***** Information supplied

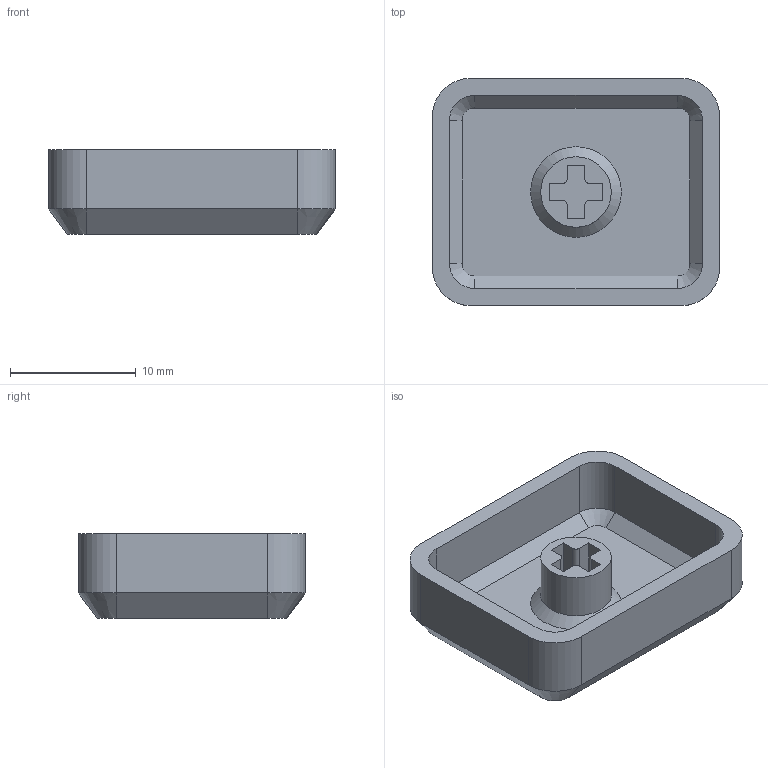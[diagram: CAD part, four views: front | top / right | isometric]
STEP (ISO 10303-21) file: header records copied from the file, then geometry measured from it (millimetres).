
FILE_DESCRIPTION(/* description */ ('STEP AP242','CAx-IF Rec.Pracs.---Representation and Presentation of Product Manufacturing Information (PMI)---4.0---2014-10-13','CAx-IF Rec.Pracs.---3D Tessellated Geometry---0.4---2014-09-14','2;1'),/* implementation_level */ '2;1');
FILE_NAME(/* name */ '669dfe6afade10428af5b1bd',/* time_stamp */ '2024-07-22T06:38:35Z',/* author */ (''),/* organization */ (''),/* preprocessor_version */ 'ST-DEVELOPER v20',/* originating_system */ ' ',/* authorisation */ ' ');
FILE_SCHEMA (('AP242_MANAGED_MODEL_BASED_3D_ENGINEERING_MIM_LF { 1 0 10303 442 1 1 4 }'));
Length unit declared in the file: metre
Products named in the file (1): 1.12u - rounded
Bounding box: 22.81 x 18.05 x 6.7 mm (x, y, z)
Volume: 1023.2 mm3; surface area: 1714.9 mm2
Topology: 1 solids, 1 shells, 55 faces, 133 edges, 83 vertices
Faces by surface type: plane 33, cylinder 13, cone 9
Full cylindrical faces by diameter (mm): 5.6 x1
Entity records: 1598 total; most frequent: DIRECTION 278, CARTESIAN_POINT 270, ORIENTED_EDGE 262, EDGE_CURVE 131, LINE 96, VECTOR 96, AXIS2_PLACEMENT_3D 91, VERTEX_POINT 83
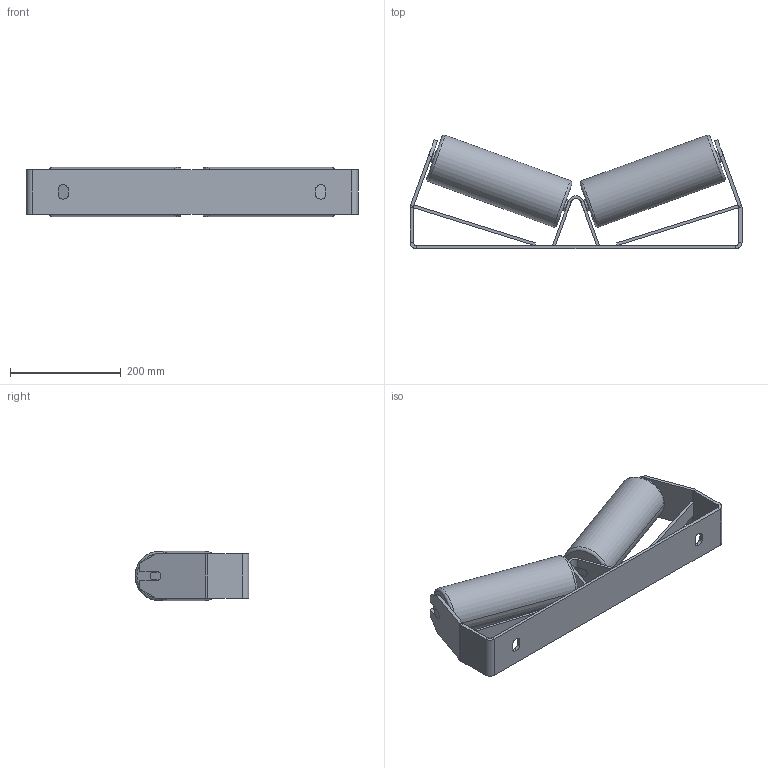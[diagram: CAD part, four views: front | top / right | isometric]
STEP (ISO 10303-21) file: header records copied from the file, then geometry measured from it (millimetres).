
FILE_DESCRIPTION (( 'STEP AP214' ), '1' );
FILE_NAME ('Support SNLM Vé 53301 E73 6 B400 20° sans pincement.step', '2020-02-20T09:03:51', ( '' ), ( '' ), 'SwSTEP 2.0', 'SolidWorks 2019', '' );
FILE_SCHEMA (( 'AUTOMOTIVE_DESIGN' ));
Length unit declared in the file: millimetre
Products named in the file (1): Support SNLM Vé 53301 E73 6 B400 20° sans pincement
Bounding box: 600 x 205.59 x 89 mm (x, y, z)
Volume: 1256799.5 mm3; surface area: 560868.2 mm2
Topology: 6 solids, 8 shells, 244 faces, 601 edges, 386 vertices
Faces by surface type: plane 173, cylinder 46, bspline 17, torus 8
Entity records: 7316 total; most frequent: CARTESIAN_POINT 1453, ORIENTED_EDGE 1202, DIRECTION 1149, EDGE_CURVE 601, VECTOR 441, LINE 441, VERTEX_POINT 386, AXIS2_PLACEMENT_3D 354
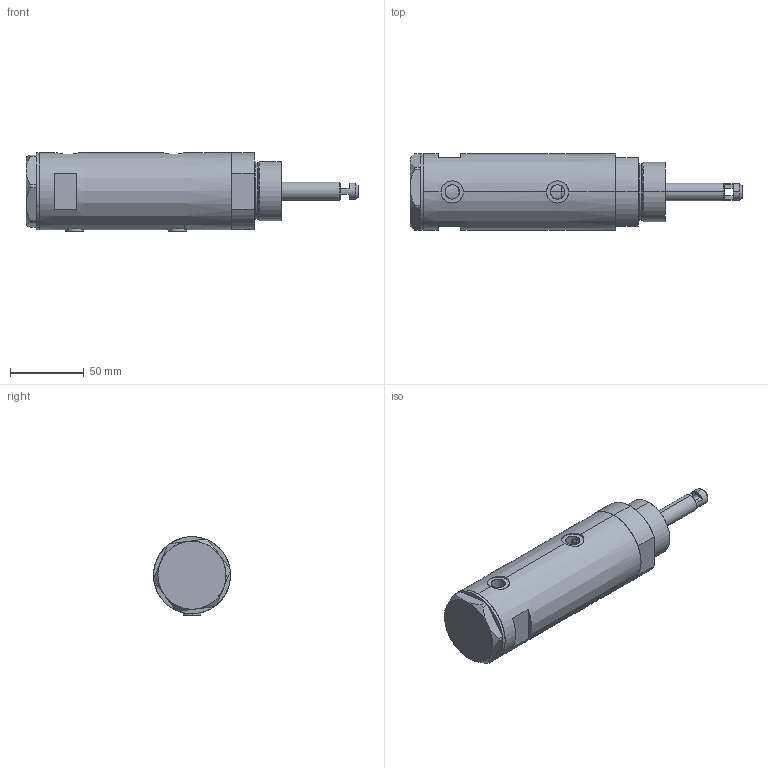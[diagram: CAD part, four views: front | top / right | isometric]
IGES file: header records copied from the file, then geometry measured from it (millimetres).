
Start section: SolidWorks IGES file using analytic representation for surfaces
Global section: file name: 8b7a.IGS; native system: SolidWorks 2019; preprocessor: SolidWorks 2019; author: admin; date: 210614.125110; units: millimetre
Bounding box: 224.35 x 52 x 53.1 mm (x, y, z)
Surface area: 72360.3 mm2 (no closed solid volume)
Topology: 0 solids, 0 shells, 142 faces, 3038 edges, 3036 vertices
Faces by surface type: bspline 73, revolution 69
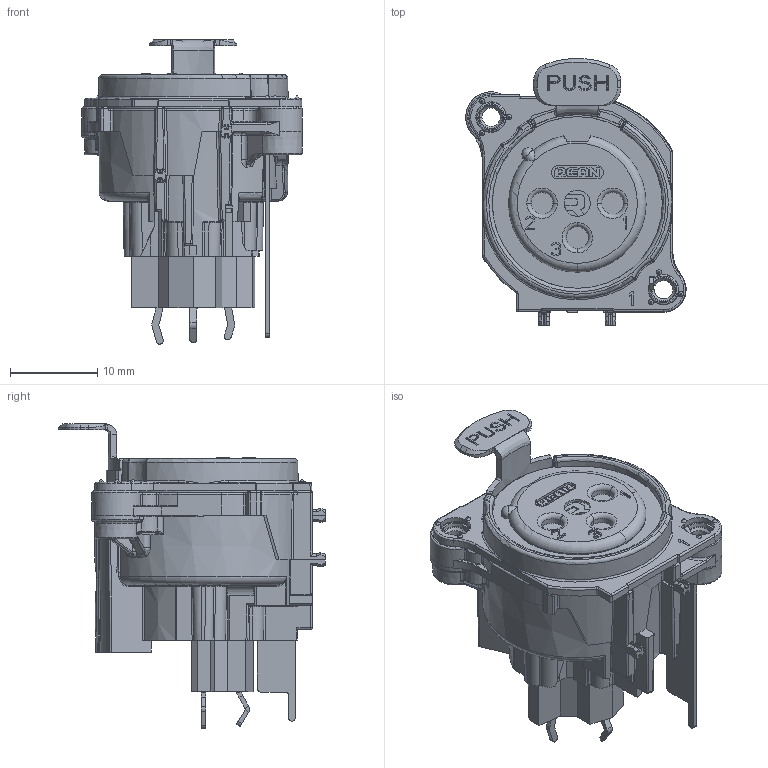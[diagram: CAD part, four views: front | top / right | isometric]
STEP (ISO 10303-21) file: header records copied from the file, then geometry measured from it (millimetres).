
FILE_DESCRIPTION((''),'2;1');
FILE_NAME('RRX3F-B-012','2024-04-29T11:25:47',('summer.xia'),(''),'CREO PARAMETRIC BY PTC INC, 2023424','CREO PARAMETRIC BY PTC INC, 2023424','');
FILE_SCHEMA(('CONFIG_CONTROL_DESIGN'));
Products named in the file (1): RRX3F-B-012
Bounding box: 25.3 x 30.61 x 34.91 mm (x, y, z)
Volume: 7845.8 mm3; surface area: 4128.7 mm2
Topology: 1 solids, 6 shells, 1645 faces, 4471 edges, 2829 vertices
Faces by surface type: plane 830, cylinder 370, bspline 148, torus 141, cone 79, sphere 55, extrusion 22
Entity records: 57979 total; most frequent: CARTESIAN_POINT 18323, ORIENTED_EDGE 8808, DIRECTION 7559, EDGE_CURVE 4404, VERTEX_POINT 2777, AXIS2_PLACEMENT_3D 2531, VECTOR 2497, LINE 2475
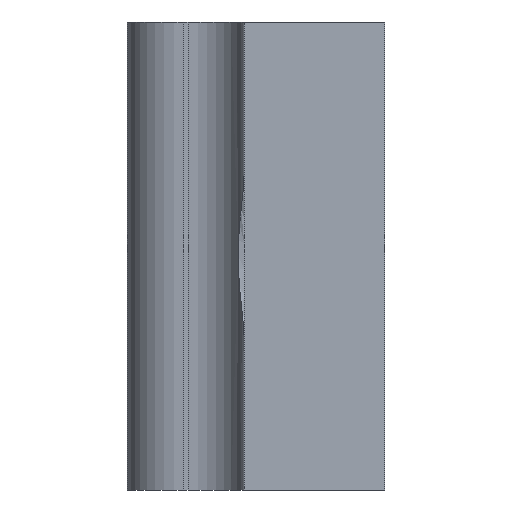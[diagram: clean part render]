
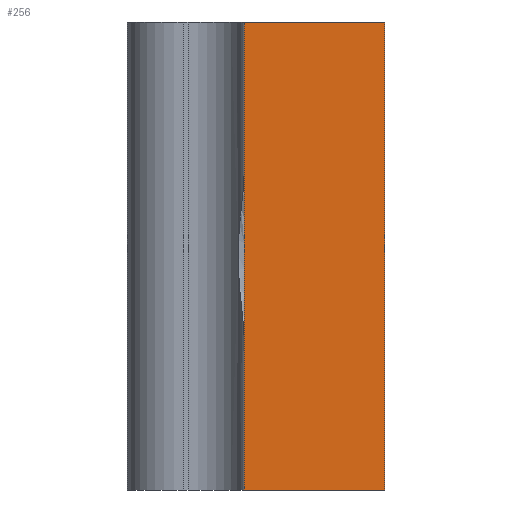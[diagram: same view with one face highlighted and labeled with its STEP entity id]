
A CAD part, left-side view. The second image highlights one B-rep face of the part: STEP entity #256.
In plain terms, the highlighted planar face has unit normal (-1, 0, 0).
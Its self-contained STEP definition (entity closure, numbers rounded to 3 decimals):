
#20 = CARTESIAN_POINT ( 'NONE',  ( -15., 0., 10. ) ) ;
#131 = VERTEX_POINT ( 'NONE', #1067 ) ;
#172 = DIRECTION ( 'NONE',  ( 0., 0., -1. ) ) ;
#191 = VERTEX_POINT ( 'NONE', #783 ) ;
#197 = VERTEX_POINT ( 'NONE', #363 ) ;
#203 = ORIENTED_EDGE ( 'NONE', *, *, #790, .F. ) ;
#249 = CARTESIAN_POINT ( 'NONE',  ( -15., 0., 0. ) ) ;
#256 = ADVANCED_FACE ( 'NONE', ( #753 ), #779, .F. ) ;
#327 = LINE ( 'NONE', #842, #511 ) ;
#331 = LINE ( 'NONE', #744, #531 ) ;
#342 = LINE ( 'NONE', #1033, #353 ) ;
#353 = VECTOR ( 'NONE', #172, 1000. ) ;
#363 = CARTESIAN_POINT ( 'NONE',  ( -15., -1.5, 10. ) ) ;
#475 = DIRECTION ( 'NONE',  ( 0., -1., 0. ) ) ;
#495 = VECTOR ( 'NONE', #475, 1000. ) ;
#510 = EDGE_CURVE ( 'NONE', #197, #131, #327, .T. ) ;
#511 = VECTOR ( 'NONE', #733, 1000. ) ;
#531 = VECTOR ( 'NONE', #586, 1000. ) ;
#536 = VERTEX_POINT ( 'NONE', #917 ) ;
#586 = DIRECTION ( 'NONE',  ( 0., -1., 0. ) ) ;
#620 = ORIENTED_EDGE ( 'NONE', *, *, #663, .T. ) ;
#632 = ORIENTED_EDGE ( 'NONE', *, *, #510, .F. ) ;
#663 = EDGE_CURVE ( 'NONE', #191, #536, #342, .T. ) ;
#670 = DIRECTION ( 'NONE',  ( 0., 1., 0. ) ) ;
#733 = DIRECTION ( 'NONE',  ( 0., 0., -1. ) ) ;
#739 = AXIS2_PLACEMENT_3D ( 'NONE', #20, #1034, #670 ) ;
#744 = CARTESIAN_POINT ( 'NONE',  ( -15., 0., 10. ) ) ;
#753 = FACE_OUTER_BOUND ( 'NONE', #893, .T. ) ;
#779 = PLANE ( 'NONE',  #739 ) ;
#783 = CARTESIAN_POINT ( 'NONE',  ( -15., 1.5, 10. ) ) ;
#790 = EDGE_CURVE ( 'NONE', #191, #197, #331, .T. ) ;
#838 = EDGE_CURVE ( 'NONE', #536, #131, #911, .T. ) ;
#842 = CARTESIAN_POINT ( 'NONE',  ( -15., -1.5, 10. ) ) ;
#893 = EDGE_LOOP ( 'NONE', ( #905, #632, #203, #620 ) ) ;
#905 = ORIENTED_EDGE ( 'NONE', *, *, #838, .T. ) ;
#911 = LINE ( 'NONE', #249, #495 ) ;
#917 = CARTESIAN_POINT ( 'NONE',  ( -15., 1.5, 0. ) ) ;
#1033 = CARTESIAN_POINT ( 'NONE',  ( -15., 1.5, 10. ) ) ;
#1034 = DIRECTION ( 'NONE',  ( 1., 0., 0. ) ) ;
#1067 = CARTESIAN_POINT ( 'NONE',  ( -15., -1.5, 0. ) ) ;
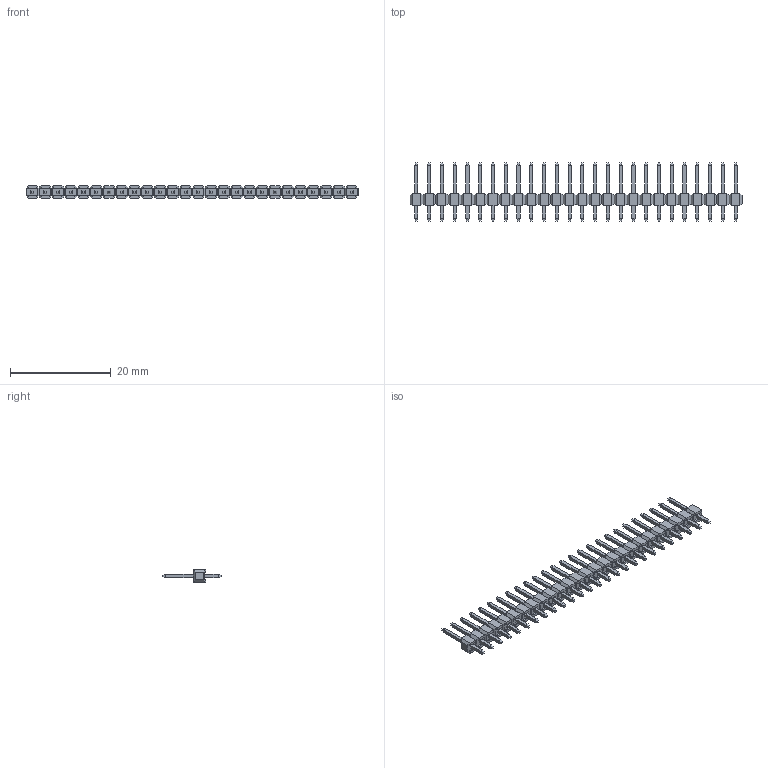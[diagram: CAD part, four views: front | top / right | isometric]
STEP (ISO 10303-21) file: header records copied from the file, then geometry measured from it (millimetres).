
FILE_DESCRIPTION (( 'STEP AP214' ), '1' );
FILE_NAME ('HEADER 1X26.STEP', '2013-11-27T09:56:30', ( '' ), ( '' ), 'SwSTEP 2.0', 'SolidWorks 2012', '' );
FILE_SCHEMA (( 'AUTOMOTIVE_DESIGN' ));
Length unit declared in the file: millimetre
Products named in the file (1): HEADER 1X26
Bounding box: 66.04 x 11.54 x 2.5 mm (x, y, z)
Volume: 444.7 mm3; surface area: 1321.6 mm2
Topology: 1 solids, 1 shells, 886 faces, 1980 edges, 1148 vertices
Faces by surface type: plane 886
Entity records: 33125 total; most frequent: CARTESIAN_POINT 4015, ORIENTED_EDGE 3960, DIRECTION 3754, LINE 1980, VECTOR 1980, EDGE_CURVE 1980, VERTEX_POINT 1148, EDGE_LOOP 938

**********

Give back an exact repeat of the lines from the top of the data through the line that holds "FILE_DESCRIPTION(/* description */", both included, and omit pictures.

▶ _Problem solution_
[diagram: CAD part, four views: front | top / right | isometric]
STEP (ISO 10303-21) file: header records copied from the file, then geometry measured from it (millimetres).
FILE_DESCRIPTION(/* description */ ('STEP AP242','CAx-IF Rec.Pracs.---Representation and Presentation of Product Manufacturing Information (PMI)---4.0---2014-10-13','CAx-IF Rec.Pracs.---3D Tessellated Geometry---0.4---2014-09-14','2;1'),/* implementation_level */ '2;1');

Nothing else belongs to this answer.